INSTRUCTIONS FOR THE TASK: Give back only the lines in the records below from the one with "main class: Shrubland" to the one with "longitude: -7.6045", both inclusive, word for word.

Extracted records
************

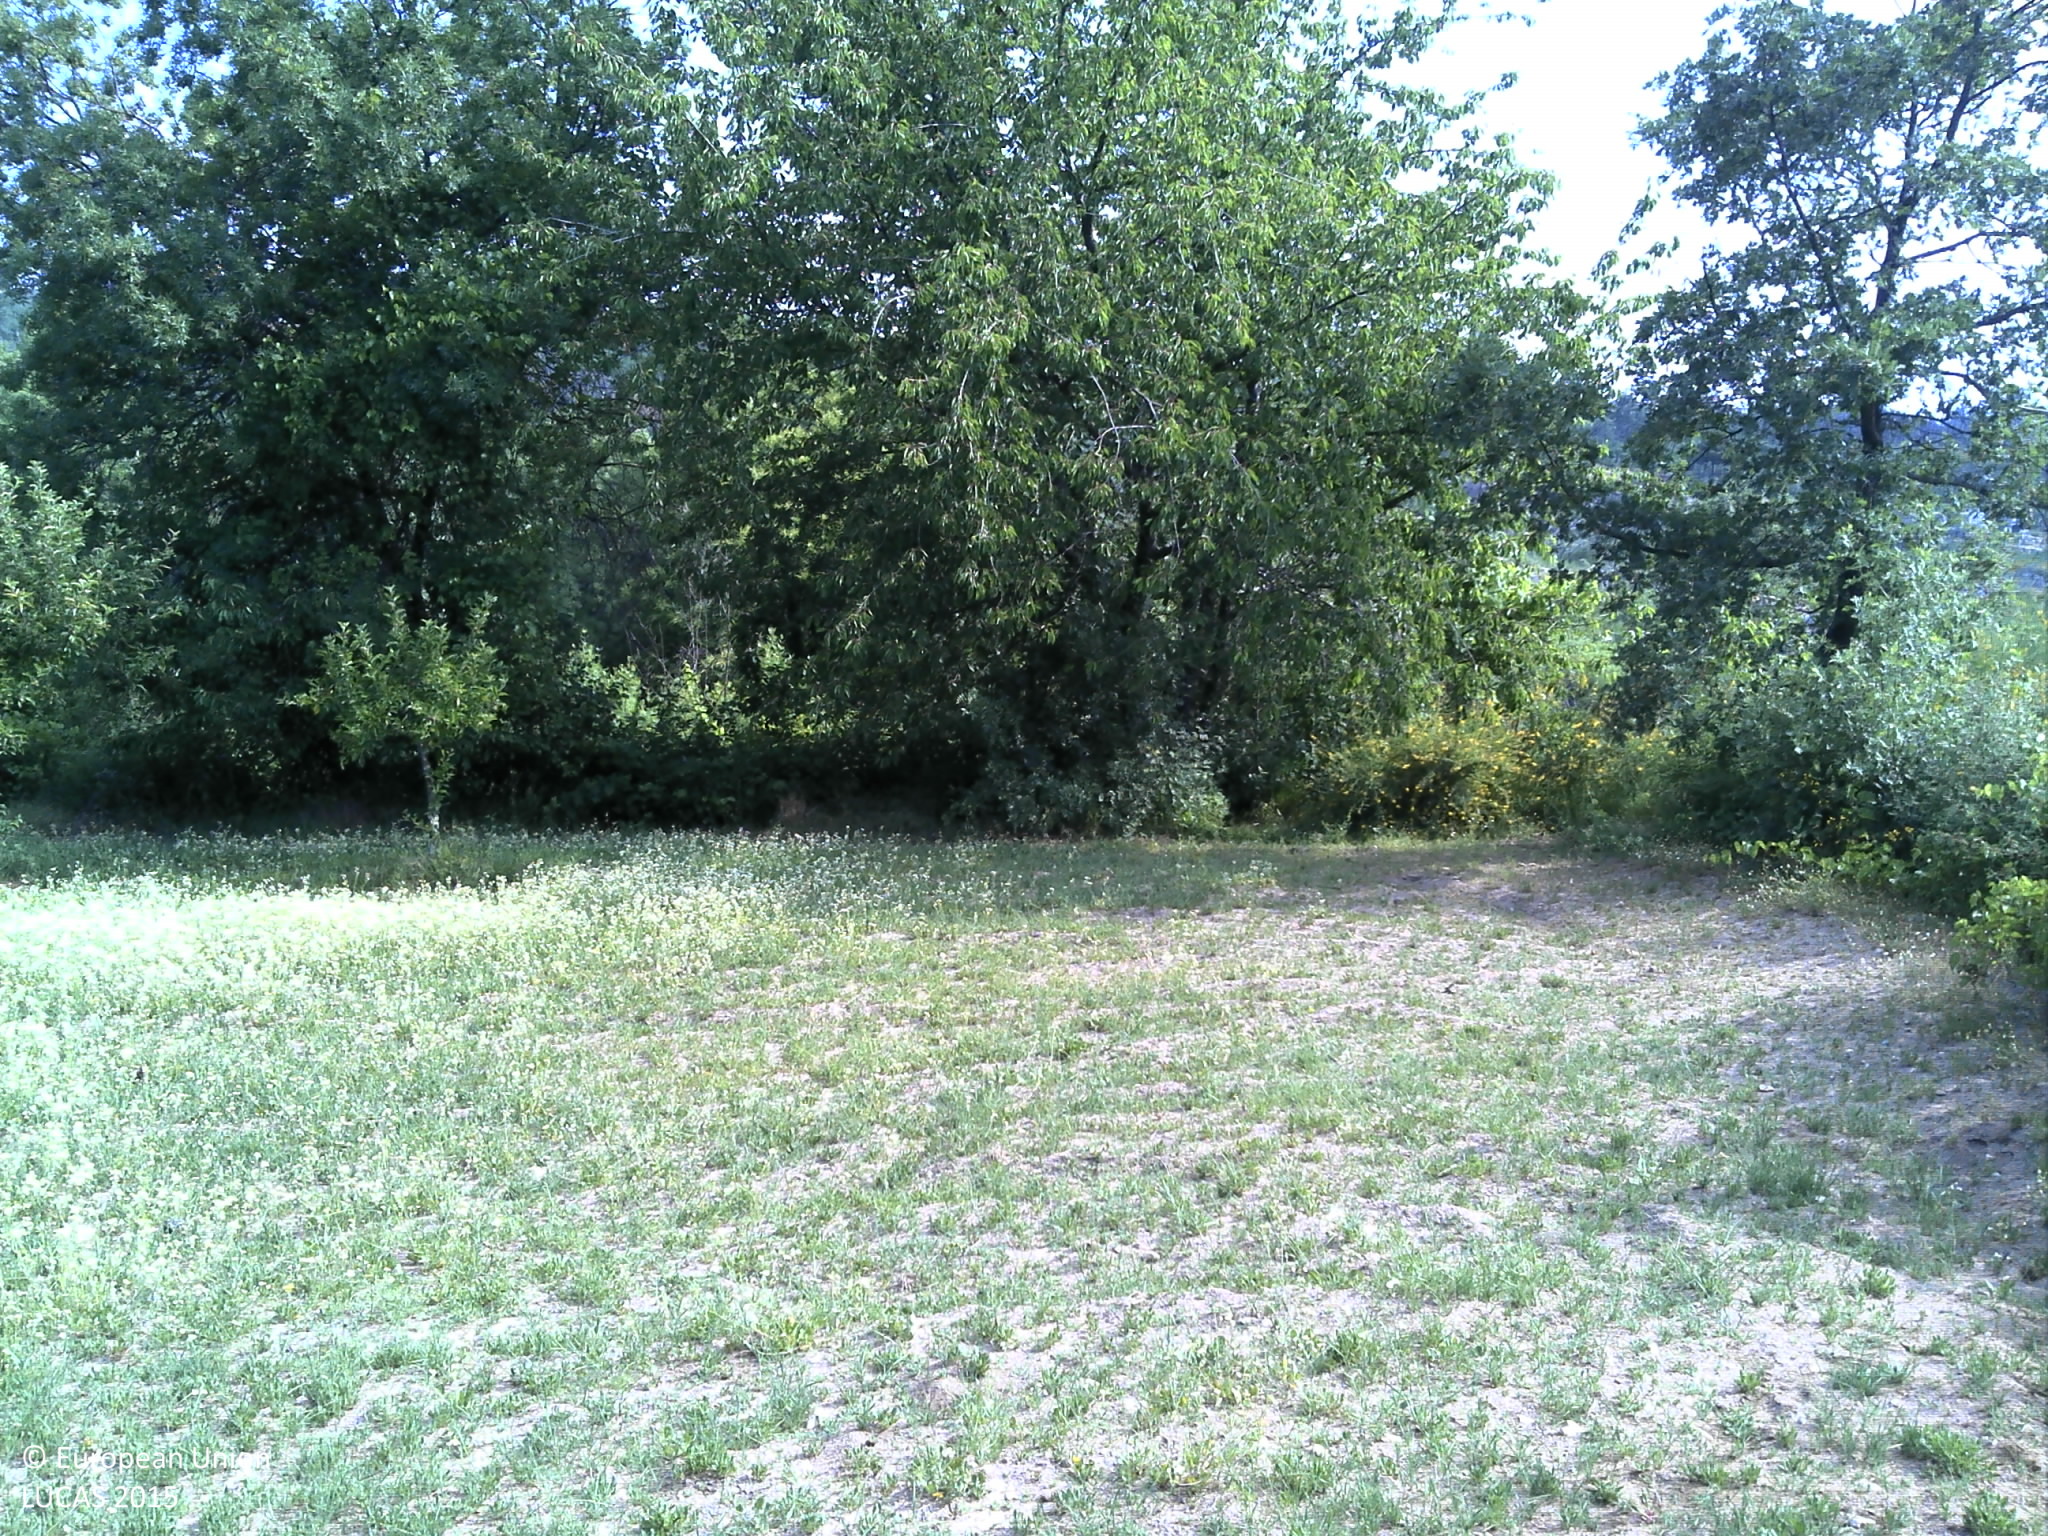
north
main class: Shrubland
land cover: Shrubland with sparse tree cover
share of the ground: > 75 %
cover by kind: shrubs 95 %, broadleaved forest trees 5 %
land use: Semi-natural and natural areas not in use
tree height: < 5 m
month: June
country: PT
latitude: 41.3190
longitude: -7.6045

************

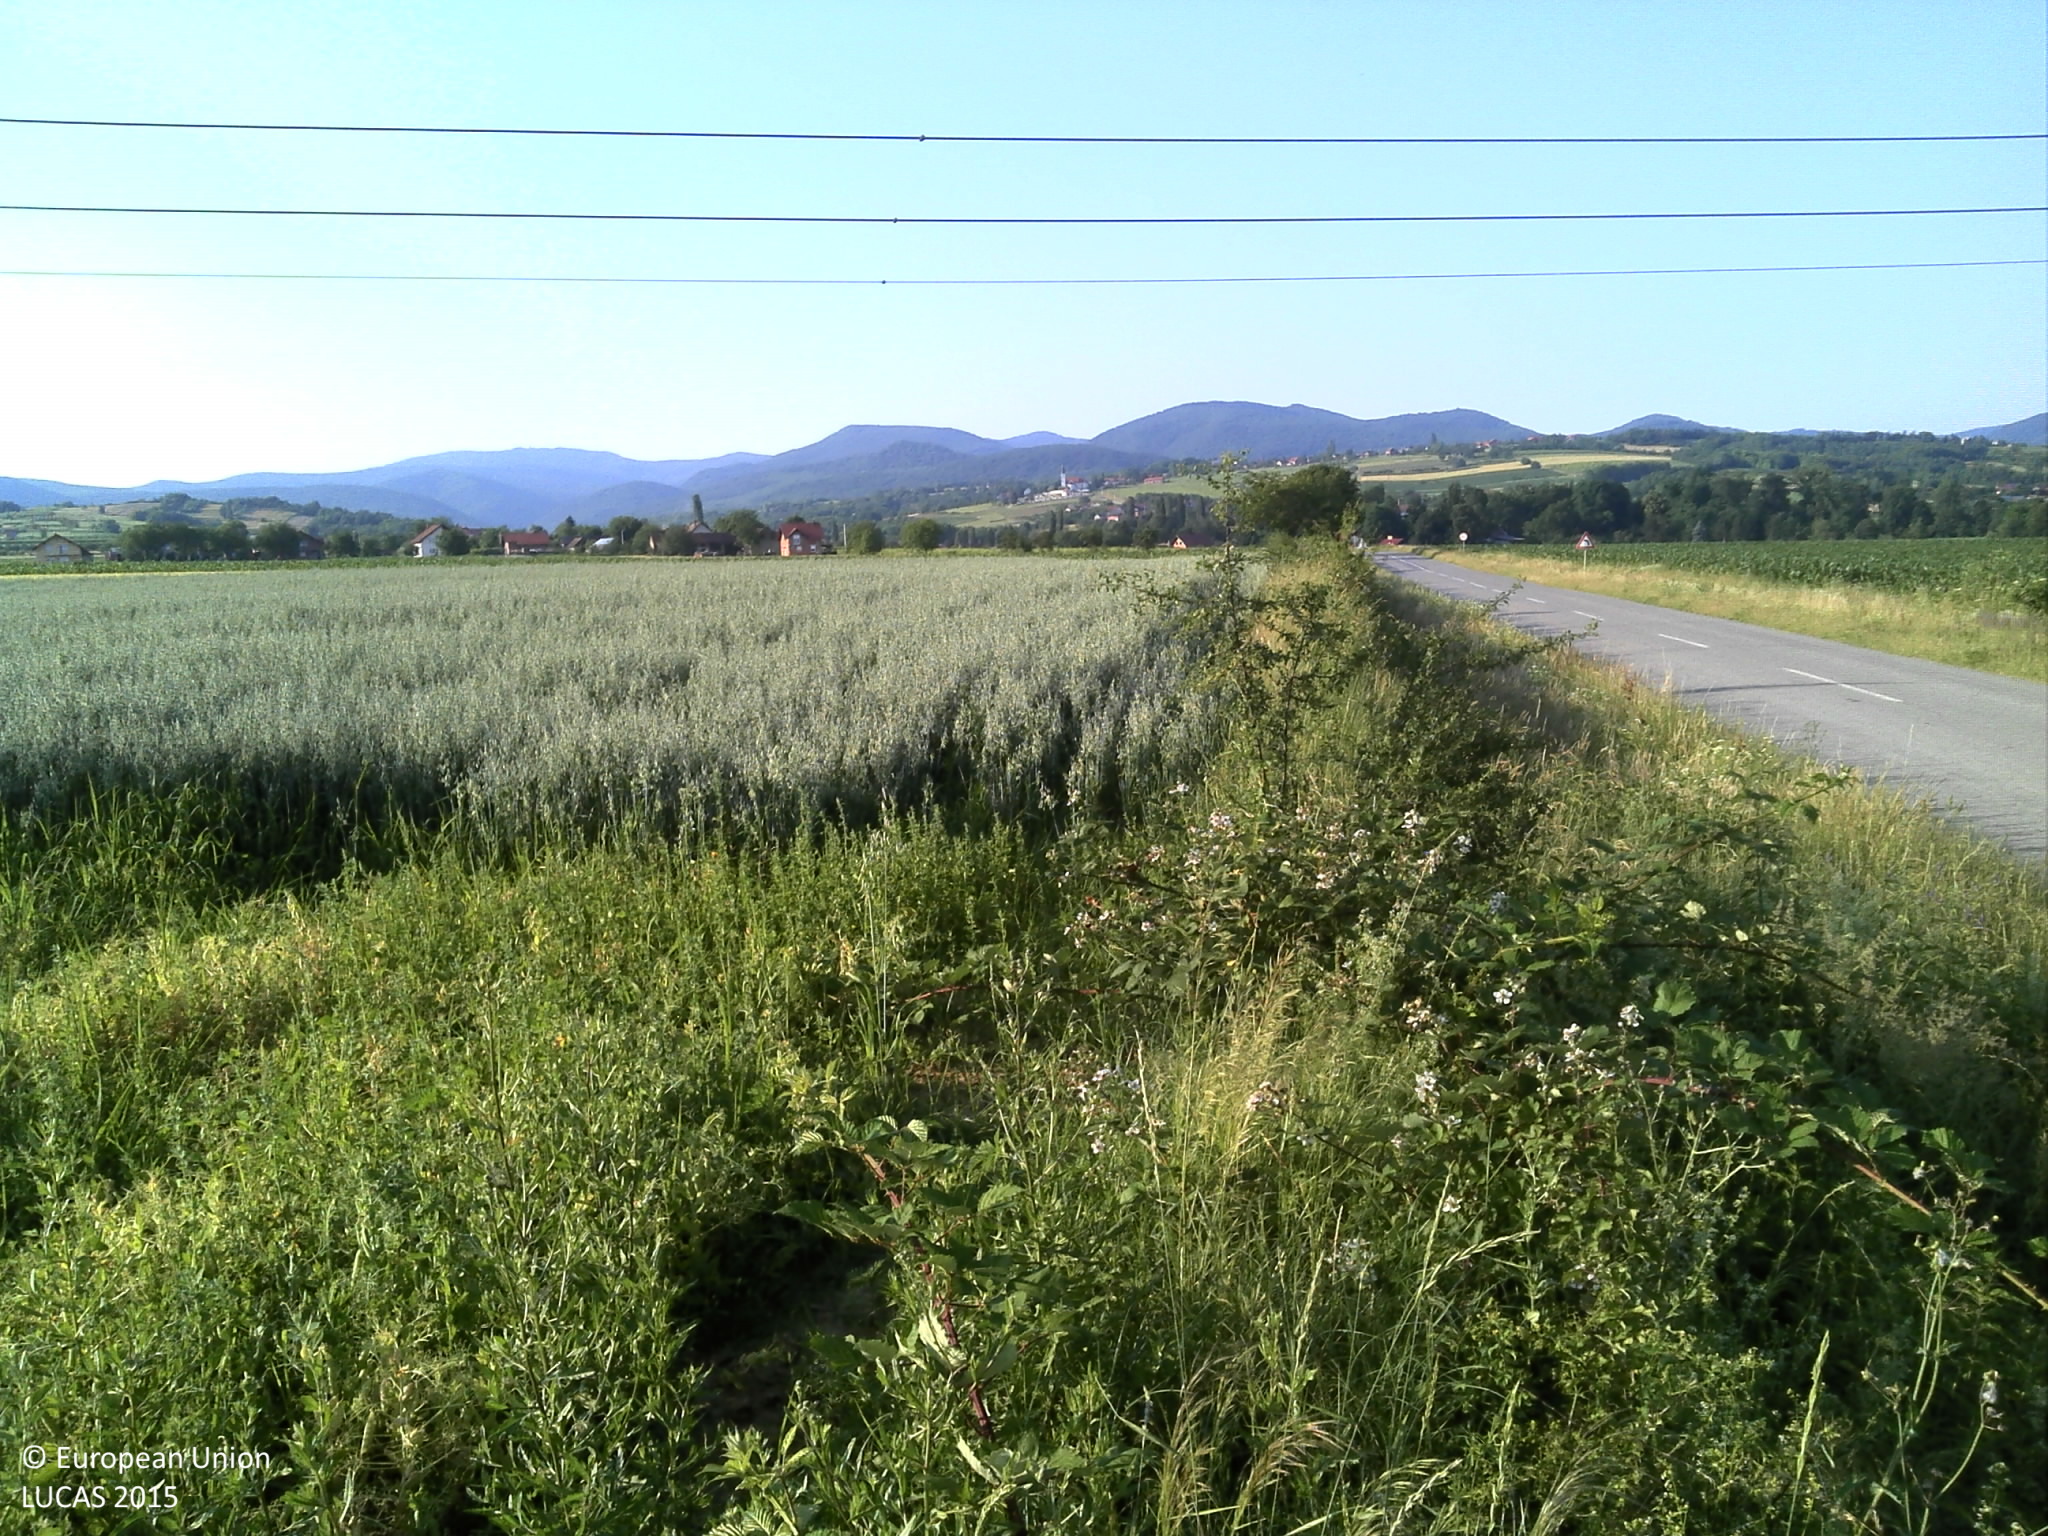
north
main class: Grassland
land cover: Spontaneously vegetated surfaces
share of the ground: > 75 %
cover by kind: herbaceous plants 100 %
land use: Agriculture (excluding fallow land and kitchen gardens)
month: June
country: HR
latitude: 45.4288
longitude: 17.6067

************

ANSWER FOR THE TASK:
main class: Shrubland
land cover: Shrubland with sparse tree cover
share of the ground: > 75 %
cover by kind: shrubs 95 %, broadleaved forest trees 5 %
land use: Semi-natural and natural areas not in use
tree height: < 5 m
month: June
country: PT
latitude: 41.3190
longitude: -7.6045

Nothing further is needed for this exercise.